The Baron’s door was closed, which was not unusual. She heard his voice through the door, animated, its tone even and rhythmic. She opened the door.
He was sitting at his desk, which she had asked one of the girls to dust the week before—it was so neglected. His old recorder hulked next to him, the thick cord of the microphone. His back was turned to her, and he did not hear her enter. She stood there and listened to his voice, the old voice that would sing songs in the cold, that would speak of the future, that would count time as she tap danced down subway steps. Before him, the flatirons flashed with lightening. He was telling jokes, recording them, and then he said,
“So that’s all you get tonight, folks. My shriveled present, my adorable past, and my future, in Italy, with my wife. So long.”
He let the tape run for several seconds before he stopped the machine, put down the microphone, and lit a cigarette. His back was straight, as it had not been in years. The Assistant could tell that he was smiling. She smiled, too.
When the Former Oil Baron awoke the next morning, the rain had stopped. He pressed the button that rang the Assistant’s study. She did not answer, she was probably out on a walk. He picked up the phone and dialed his mother.
“My darling,” she said, “you are up quite early.”
“Abby.”
“My child, I spoke to K. yesterday, and we all are quite worried about you. She says you are still indulging in your habits, dear, and we wish for you to come to New York at once.”
“Abby, I have purchased two plane tickets already.”
“Oh splendid darling! Your father will be delighted! I can hear a ring in your voice, my dear. JKF or LaGuardia? Oh I do hope JFK. The runways are longer and much more safe.”
“We will be arriving in Italy next Sunday. I have sold the business and the mansion both.”
The line was silent.
“Abby?” he said.
“Yes, darling. Of course. You have been working so hard for years and deserve a vacation, and K. has been so devoted to you that I can’t bear to wonder what she has missed in her life time. But you can stop over in New York on your way there?”
“One-way tickets, mother. We will marry in the Sistine Chapel in Rome.”

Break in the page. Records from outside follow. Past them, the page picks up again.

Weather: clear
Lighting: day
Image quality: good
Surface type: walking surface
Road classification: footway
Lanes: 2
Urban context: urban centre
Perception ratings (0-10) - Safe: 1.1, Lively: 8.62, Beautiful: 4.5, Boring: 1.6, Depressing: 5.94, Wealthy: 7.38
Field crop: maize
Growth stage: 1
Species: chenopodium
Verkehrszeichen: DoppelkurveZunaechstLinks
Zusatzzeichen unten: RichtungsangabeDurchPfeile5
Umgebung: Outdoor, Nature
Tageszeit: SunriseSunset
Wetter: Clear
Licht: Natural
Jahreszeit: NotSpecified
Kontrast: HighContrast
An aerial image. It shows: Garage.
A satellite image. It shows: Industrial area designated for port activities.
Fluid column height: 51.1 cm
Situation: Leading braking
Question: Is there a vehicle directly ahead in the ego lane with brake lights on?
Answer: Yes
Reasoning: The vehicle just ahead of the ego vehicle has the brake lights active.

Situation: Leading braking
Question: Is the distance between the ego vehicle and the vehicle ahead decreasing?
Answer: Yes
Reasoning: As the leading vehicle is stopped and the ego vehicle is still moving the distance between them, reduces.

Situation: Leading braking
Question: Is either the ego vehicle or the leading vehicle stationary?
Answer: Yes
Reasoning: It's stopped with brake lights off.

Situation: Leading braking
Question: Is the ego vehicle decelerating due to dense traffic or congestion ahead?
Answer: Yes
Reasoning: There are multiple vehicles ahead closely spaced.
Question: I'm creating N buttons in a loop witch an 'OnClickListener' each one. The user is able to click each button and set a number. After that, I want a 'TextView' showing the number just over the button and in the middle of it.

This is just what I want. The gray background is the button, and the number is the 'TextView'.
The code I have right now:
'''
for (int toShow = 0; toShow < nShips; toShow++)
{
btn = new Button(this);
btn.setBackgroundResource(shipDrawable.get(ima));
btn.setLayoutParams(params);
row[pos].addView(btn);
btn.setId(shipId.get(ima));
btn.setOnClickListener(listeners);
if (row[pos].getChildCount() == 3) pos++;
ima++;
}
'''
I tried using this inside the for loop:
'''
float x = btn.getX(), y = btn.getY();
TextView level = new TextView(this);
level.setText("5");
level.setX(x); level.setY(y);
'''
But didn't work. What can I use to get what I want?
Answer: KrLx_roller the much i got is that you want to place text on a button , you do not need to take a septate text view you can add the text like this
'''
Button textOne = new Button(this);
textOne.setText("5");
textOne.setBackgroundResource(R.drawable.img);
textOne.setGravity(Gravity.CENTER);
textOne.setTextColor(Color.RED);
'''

“Marry! Finally! The Sistine Chapel? Do they even have weddings there? And my goodness. We are Jewish!”
“I have a connection in the Vatican who will make it possible. We are ethnically Jewish, Abby, and have never been religious. You know this.”
“Well did you give her a ring? And what did she say? Tell me, darling.”
“I have not asked yet. I shall rise, bathe, and take her to dine, and there I shall ask. I sent a girl out for the ring yesterday while K. was writing.”
“Let me get your father on the line.”
“I must rise now, Abby. We will be in touch before we leave the country.”
He sat up and stretched, and his back felt better than it had in many years. He fetched his toe nail clippers and stooped to pedicure. He brushed his teeth and bathed and shaved again. He slowly stepped into a suit that K. had bought him last holiday. He hummed as he dressed. He splashed a mild cologne on his neck. He called out for a girl to help him with his tie.
A pretty red head came in and began to choose one from the rack.
“No, I will choose today. This one.” It was golden and showed the golden flecks in his irises.
She gently began with the tie, as if he were made out of glass. When he finally looked at her face, he found it flushed, her eyes red and swollen.
“You have been with us for some time, yes?” he said.
“Yes sir. It will be three years next April.” Her voice trembled.
“What is your name?”
She pulled the knot into place and looked at him.
“I am sorry,” he said. “I am no good with names. I don’t mean to offend you. I should know your name.” He blushed.
“It is not that, sir.” She looked around the room and behind her into the hall. Three girls were huddled around the door.
“What is going on?” he said slowly and quietly.
“It’s Ms. K,” she said. “She has gone. Permanently.”